Sentados todos a la mesa, continué enumerando favores, muestras de generosidad, lecciones de vida, la suprema enseñanza de la aplicación y la modestia, así como diversas causas de alegría a ellos debidas, y mis padres me escuchaban boquiabiertos. Evoqué emocionado la mañana del día de Reyes en que, al levantarme de la cama, yo adolescente, encontré uno de los regalos más estimulantes que nadie me haya hecho jamás: un escritorio enchapado en formica, con una fila de cajones a un costado.

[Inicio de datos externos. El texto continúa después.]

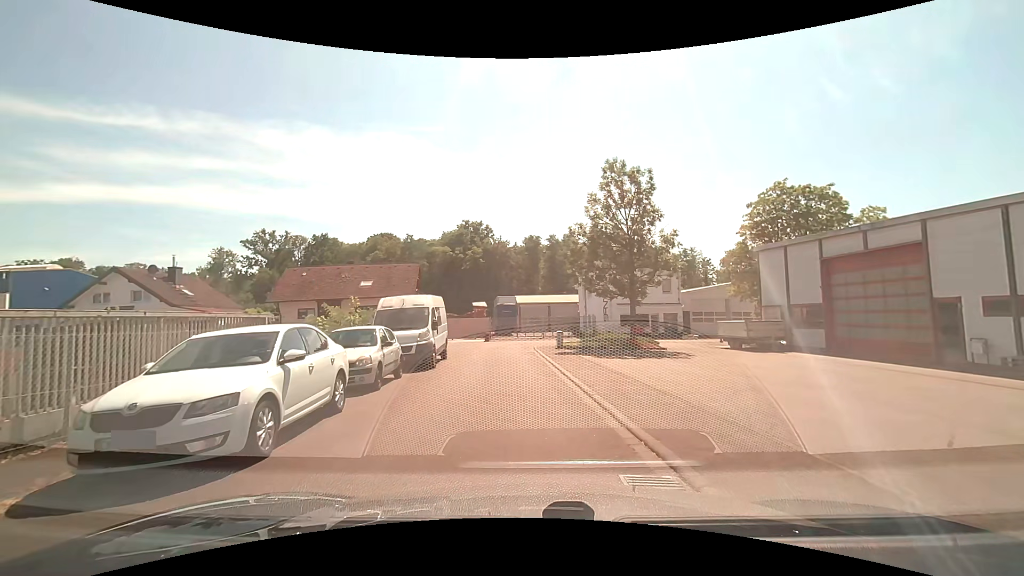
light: Day
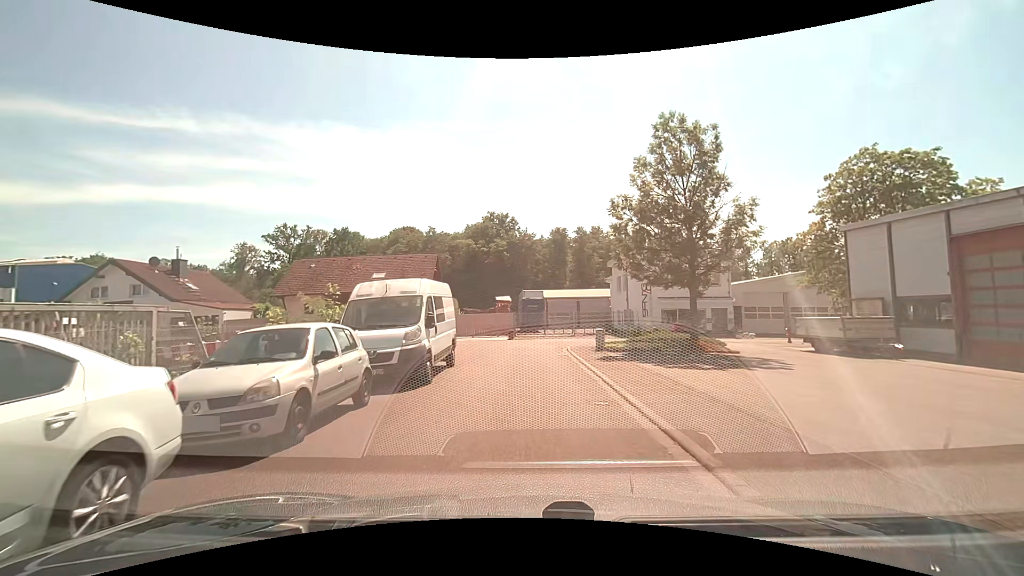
(-0.1, +5.3) m; -3°
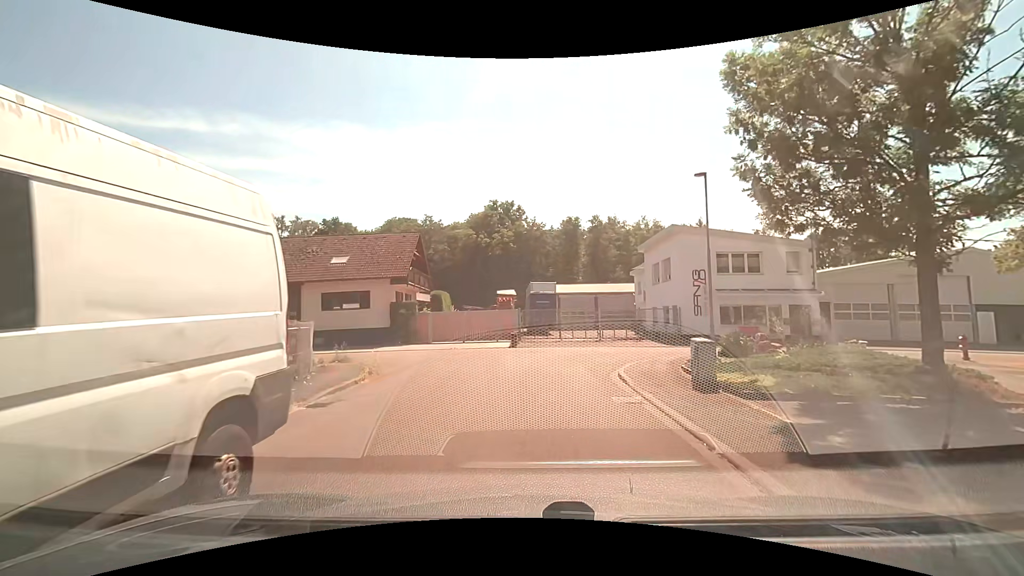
(0.0, +11.7) m; -1°
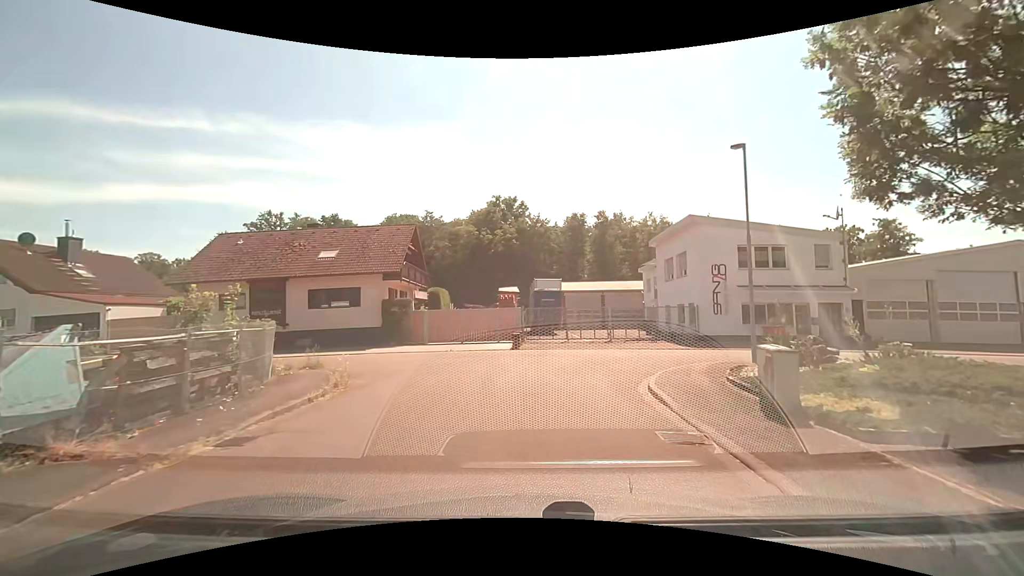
(0.0, +2.7) m; 0°
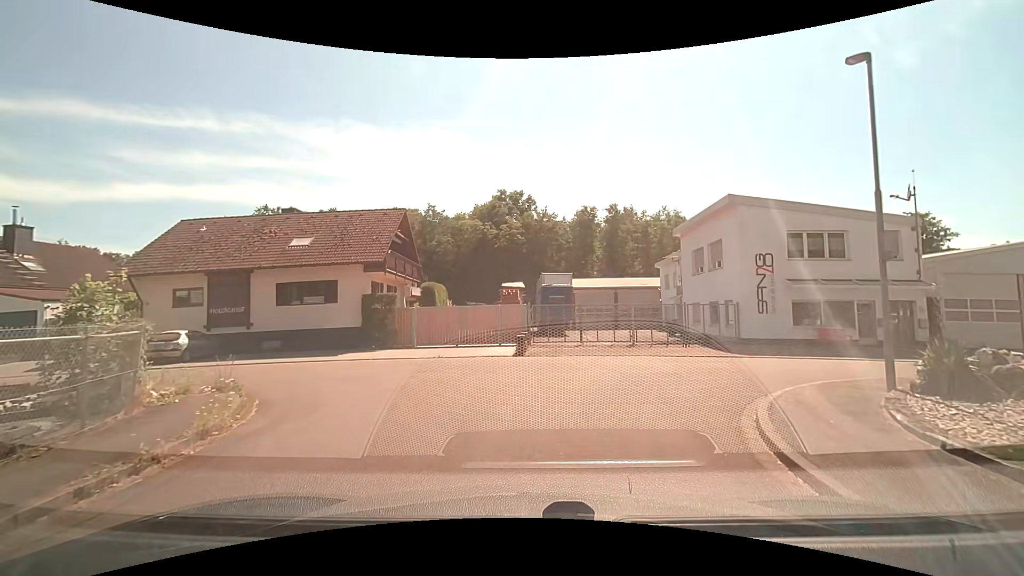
(0.0, +4.8) m; -1°
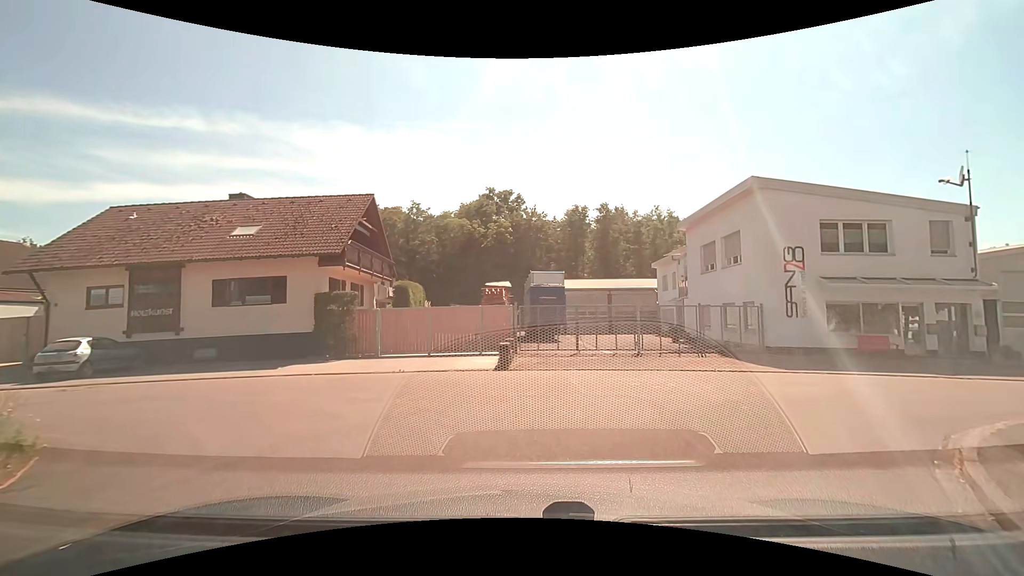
(0.0, +4.1) m; +1°
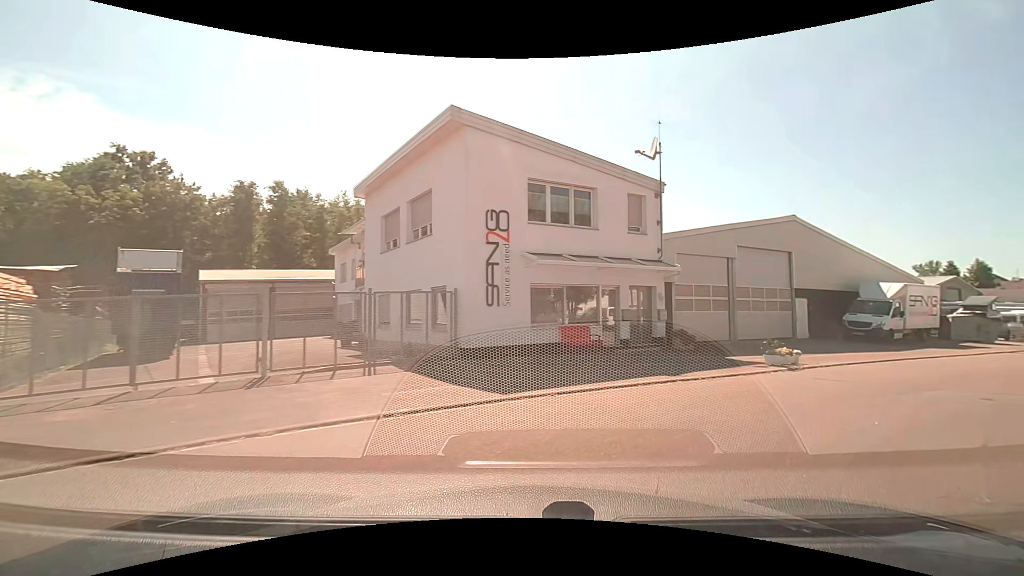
(+2.4, +8.5) m; +34°
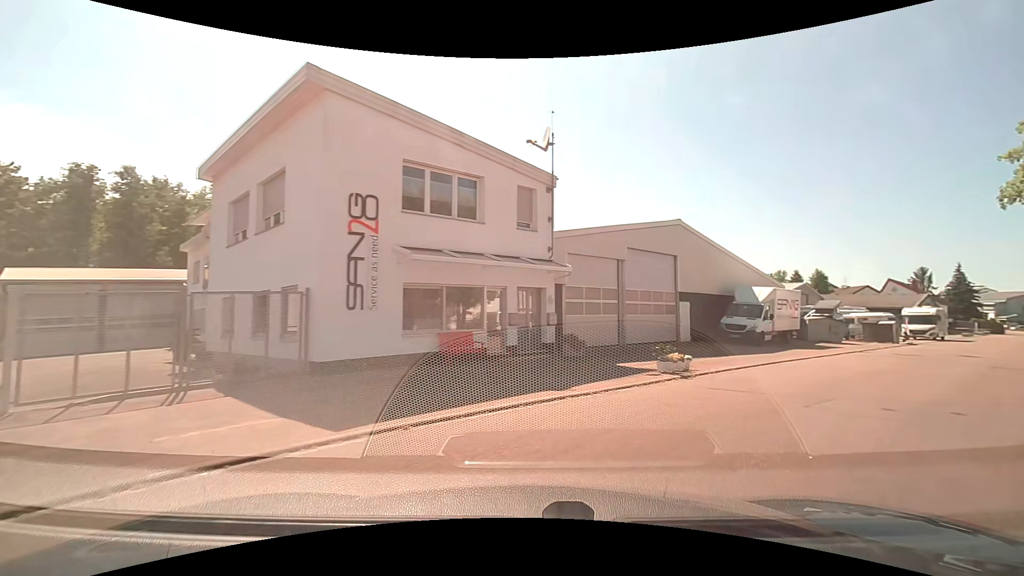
(+0.3, +2.2) m; +14°
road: residential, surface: asphalt
(+4, +9) (+10, +16) (+17, +24) (+24, +31) (+31, +38) (+38, +46) (+45, +53) (+51, +60) (+58, +68) (+65, +75) m

Mis padres me daban de vez en cuando dinero para libros. Me compraron a plazos la enciclopedia Focus, que aún conservo. Jamás cuestionaron mi afición a la literatura, que a menudo me inducía a pasar las noches en vela, fumando, leyendo, garabateando poemas a la luz de un flexo. Ellos, en fin, que vivían de un solo y módico salario, costearon con no poco sacrificio del presupuesto familiar mis estudios en la universidad. Y todavía dudaban de su participación en el proyecto principal de mi vida. Les di allí mismo las gracias y se las volví a dar tiempo después por medio de una dedicatoria pública imprimida en uno de mis libros. Celebro que personas tan humildes como mis padres hubieran hallado en los frutos de mi esfuerzo algún tipo de confirmación, puede incluso que de orgullo.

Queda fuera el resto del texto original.